After making a chalkboard out of an old picture frame for his girlfriend, Seth Hunter realized a deeper love for finding and selling unique pieces, opening a shop that included old gas station signs that are hung up all around and some bigger pieces like an old Coca-Cola machine that still works.

Baruch Hyman has been collecting antiques since he could walk and talk and now has a store that spans five floors. It’s filled with comic books like Captain America No. 1, newspapers like The Herald-Times and the St. Louis Post-Dispatch and some interesting historical finds such as signed pictures from meetings with President Churchill.

Whether it be vintage décor, repurposed furniture or antiques, you’re sure to find just what you’re looking for. From sets of old pint glasses, to old lockers or antique typewriters, you can spend as little as $1 to as much as $1,000.

“It’s an exciting thing to find something that’s wonderful that someone else discarded…We’re keeping things out of landfills and  putting them into the hands of people that value them.” Gordon said of the business.
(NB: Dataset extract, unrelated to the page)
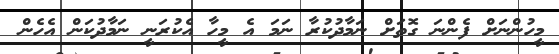
މީހުންނަށް ފެންނަ ގޮތަށް ނަމާދުކުރާ ނަމަ އެ މީހާ އެކުރަނީ ނަމާދުކަން އެހެން

According to a study done by Asheford Institute of Antiques, the market for buying repurposed and antique items is an ever-changing thing. With the introduction of the show “Mad Men”, mid-century modern design shows no signs in slowing down. Pop-culture collectibles, signs and costume jewelry are all big sellers too.

The age range of people purchasing these items all vary, however it seems the older the item with some, the younger the buyer.

WHO KNEW?

Gordon and Levine in their store, Who New? Retro Mod Decor. Photo Courtesy of Who New? Retro Mod Decor’s Facebook.

Gordon and Levine’s store Who New? Retro Mod Décor is located on Butler Street. The storefront focuses on mid-century and vintage design with pieces priced from brightly-colored vintage dishes priced at $15 to a vintage red vinyl couch as priced at $1,500.

Who New? has been open for 16 years but all of the items in the store came from years of collecting as a hobby. Gordon and Levine originally started with just the items they liked: some chairs from the 50s and a few paintings here and there, some knick-knacks they had found online that were a little older than most, and a few globes. The two soon found that they had a knack for collecting unique pieces.

“We were just collectors and then we couldn’t park in the garage,” Gordon explained. “We were going to rent a storage unit and then we found a dilapidated store front.”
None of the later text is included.